### WORK ORDER
Reproduce every record below exactly as written, leaving out any pictures.
====
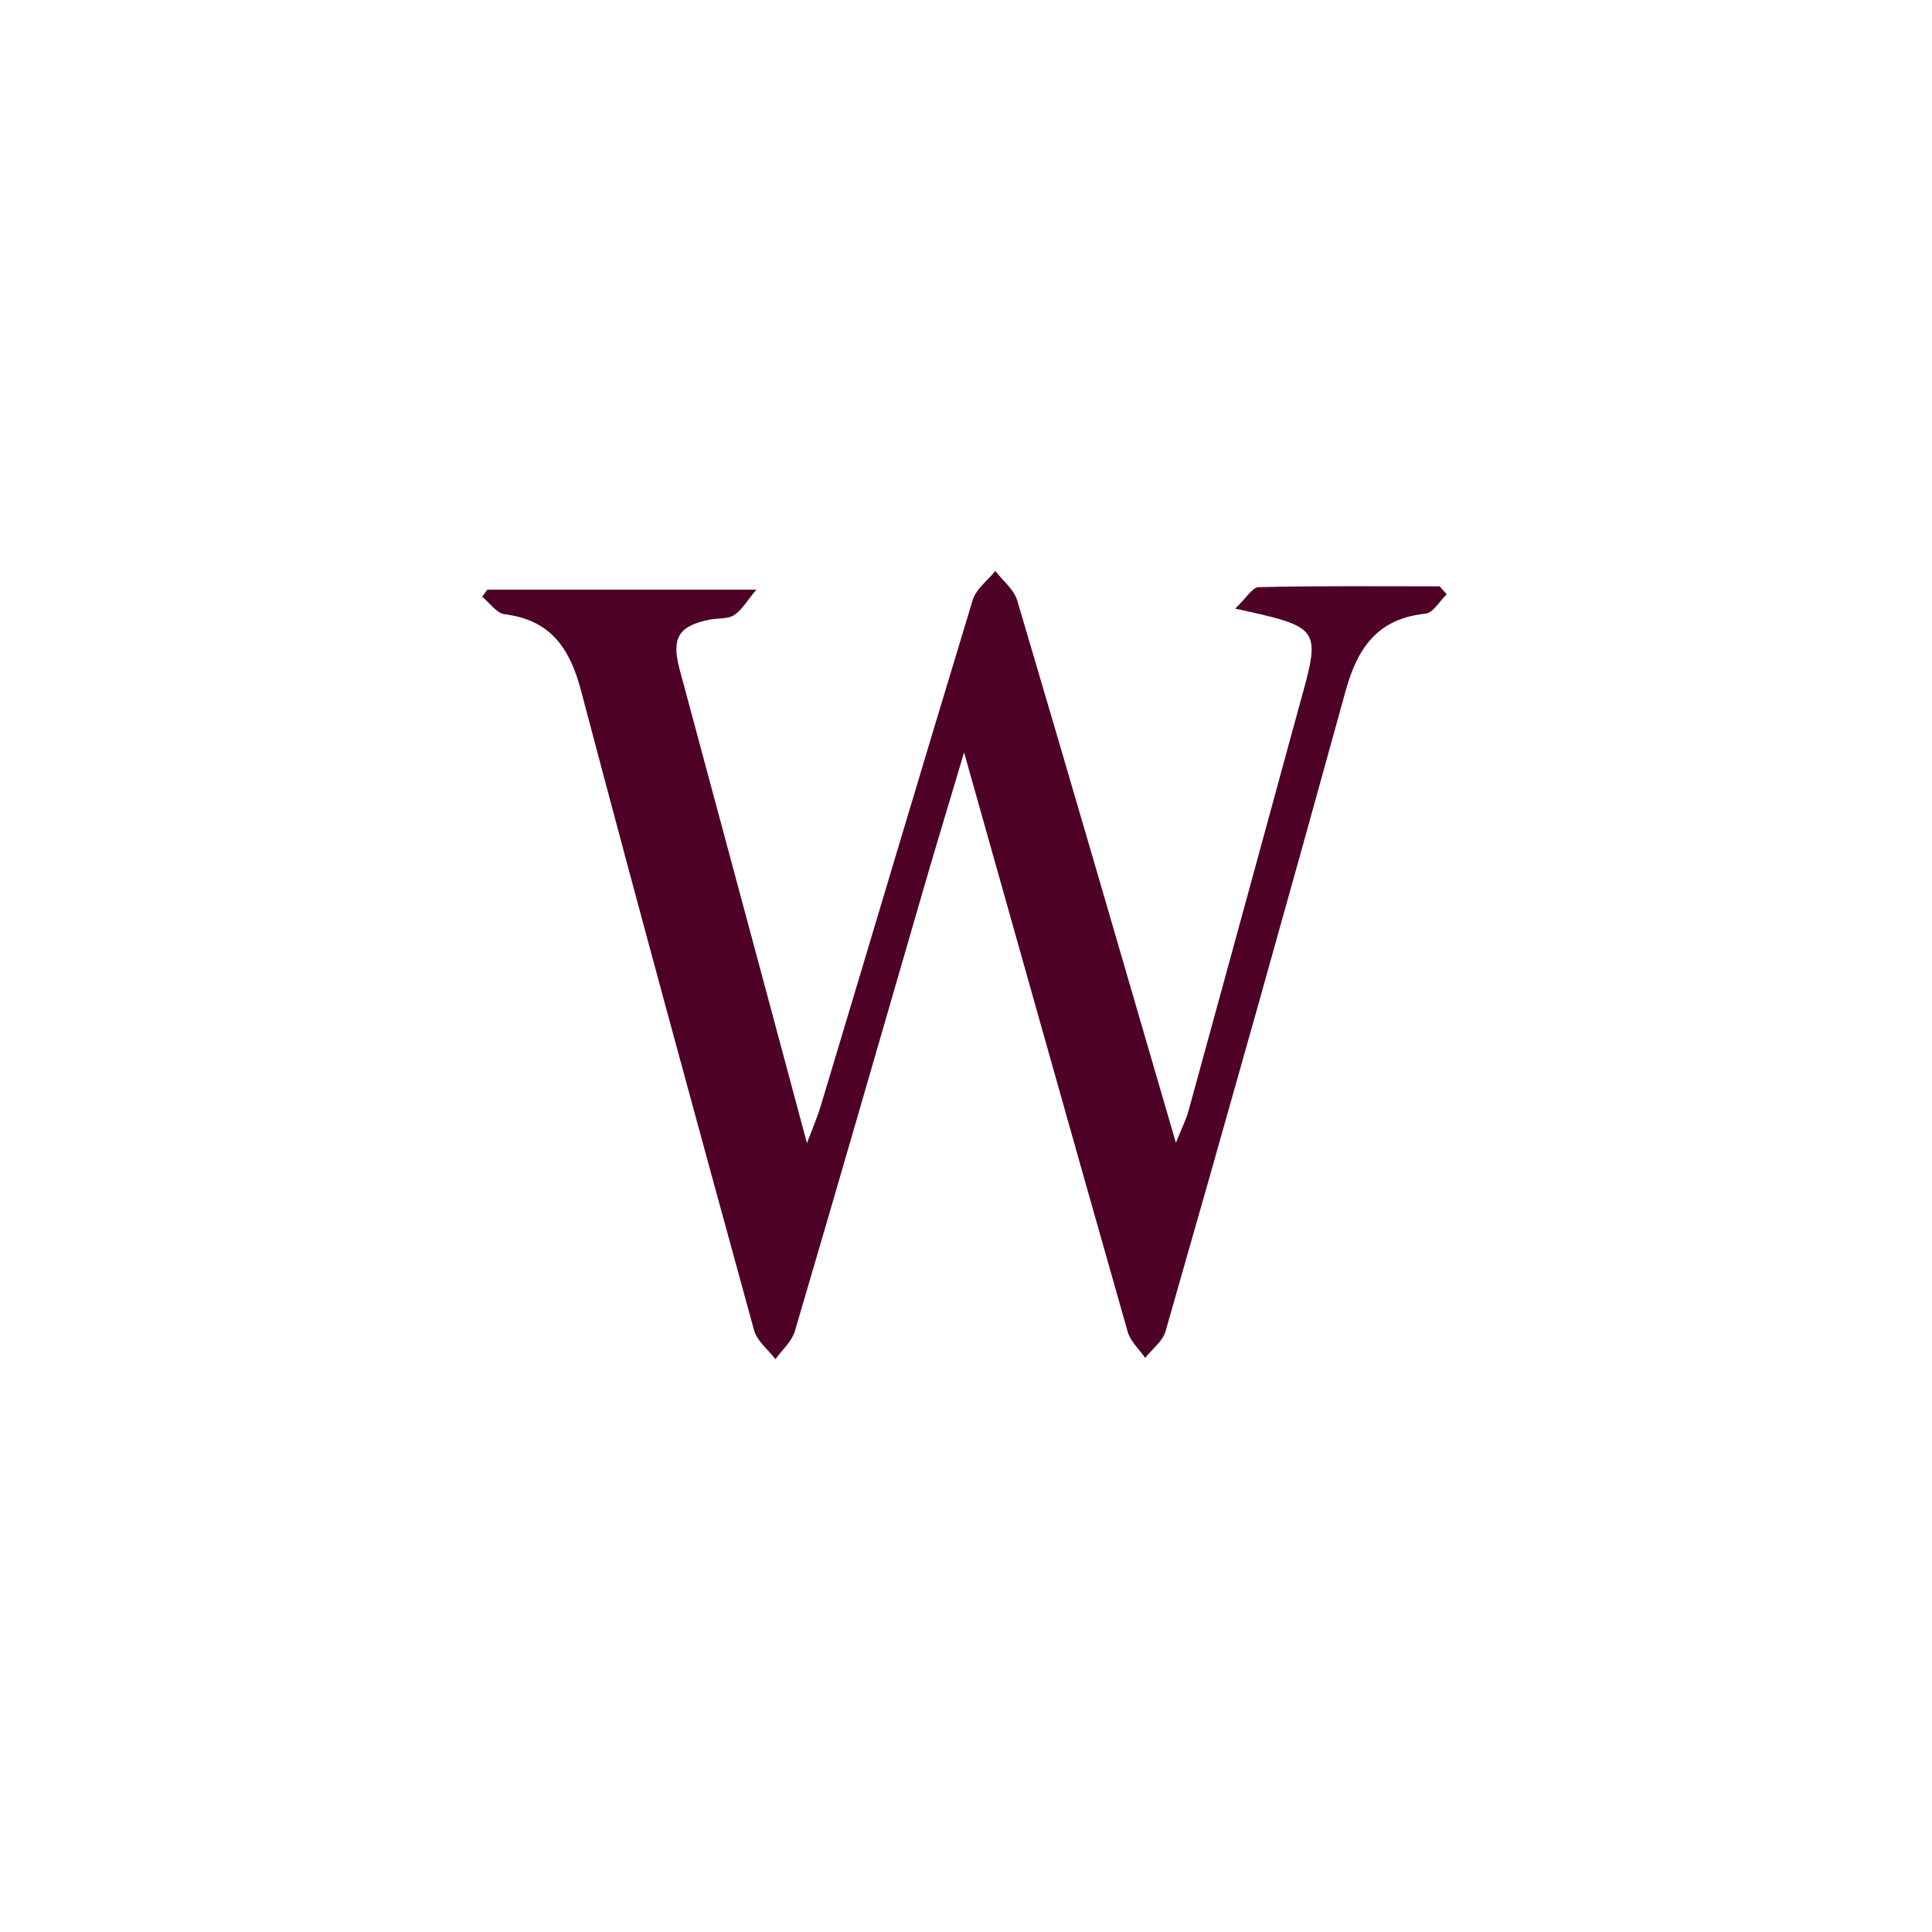 <?xml version="1.0" encoding="utf-8"?>
<svg xmlns="http://www.w3.org/2000/svg" height="40" viewBox="0 0 40 40" width="40">
  <g transform="translate(0 0) scale(0.078)">
    <g transform="translate(128 151.385) scale(1.69)">
      <defs>
        <style>.cls-1{fill:#4e0027;}</style>
      </defs>
      <path class="cls-1" d="M-176.7-3141.63C-175-3143.2-174-3145-173-3145c9.46-.22,18.94-.13,28.41-.13l1.12,1.25c-1.11,1.06-2.14,2.92-3.34,3.05-7.5.77-10.67,5.33-12.54,12.12q-13.89,50.37-28.29,100.6c-.45,1.57-2.11,2.79-3.2,4.17-.93-1.36-2.31-2.6-2.74-4.1-8.49-29.84-16.88-59.72-25.7-91-2.35,7.9-4.35,14.48-6.27,21.08-6.76,23.27-13.45,46.56-20.3,69.8-.48,1.63-2,2.95-3.06,4.42-1.15-1.51-2.9-2.86-3.36-4.56-9.18-33.45-18.32-66.91-27.17-100.44-1.76-6.66-4.76-11.1-12-12-1.27-.16-2.36-1.8-3.53-2.75l.81-1.12h42.26c-1.41,1.67-2.23,3.16-3.49,4-1,.66-2.58.45-3.88.72-4.88,1-6,2.86-4.69,7.8,6.54,24.35,13.12,48.7,20,74.42,1-2.65,1.66-4.15,2.13-5.72,8-26.54,15.86-53.11,23.92-79.63.52-1.71,2.33-3,3.53-4.53,1.18,1.54,2.94,2.9,3.45,4.64,8.29,28,16.42,56,24.92,85.18.93-2.33,1.62-3.67,2-5.08q8.76-31.92,17.46-63.85C-163.21-3138.67-163.17-3138.66-176.7-3141.63Z" transform="translate(294.96 3147.64)"/>
    </g>
  </g>
</svg>
====
### PROBLEM SOLUTION
 <?xml version="1.0" encoding="utf-8"?>
<svg xmlns="http://www.w3.org/2000/svg" height="40" viewBox="0 0 40 40" width="40">
  <g transform="translate(0 0) scale(0.078)">
    <g transform="translate(128 151.385) scale(1.69)">
      <defs>
        <style>.cls-1{fill:#4e0027;}</style>
      </defs>
      <path class="cls-1" d="M-176.7-3141.63C-175-3143.2-174-3145-173-3145c9.46-.22,18.94-.13,28.41-.13l1.12,1.25c-1.11,1.06-2.14,2.92-3.34,3.05-7.5.77-10.67,5.33-12.54,12.12q-13.89,50.37-28.29,100.6c-.45,1.57-2.11,2.79-3.2,4.17-.93-1.36-2.31-2.6-2.74-4.1-8.49-29.84-16.88-59.72-25.7-91-2.35,7.9-4.35,14.48-6.27,21.08-6.76,23.27-13.45,46.56-20.3,69.8-.48,1.63-2,2.95-3.06,4.42-1.15-1.51-2.9-2.86-3.36-4.56-9.18-33.45-18.32-66.91-27.17-100.44-1.76-6.66-4.76-11.1-12-12-1.27-.16-2.36-1.8-3.53-2.75l.81-1.12h42.26c-1.41,1.67-2.23,3.16-3.49,4-1,.66-2.58.45-3.88.72-4.88,1-6,2.86-4.69,7.8,6.54,24.35,13.12,48.7,20,74.42,1-2.65,1.66-4.15,2.13-5.72,8-26.54,15.86-53.11,23.92-79.63.52-1.71,2.33-3,3.53-4.53,1.18,1.54,2.94,2.9,3.45,4.64,8.29,28,16.42,56,24.92,85.18.93-2.33,1.62-3.67,2-5.08q8.76-31.92,17.46-63.85C-163.21-3138.67-163.17-3138.66-176.7-3141.63Z" transform="translate(294.96 3147.64)"/>
    </g>
  </g>
</svg>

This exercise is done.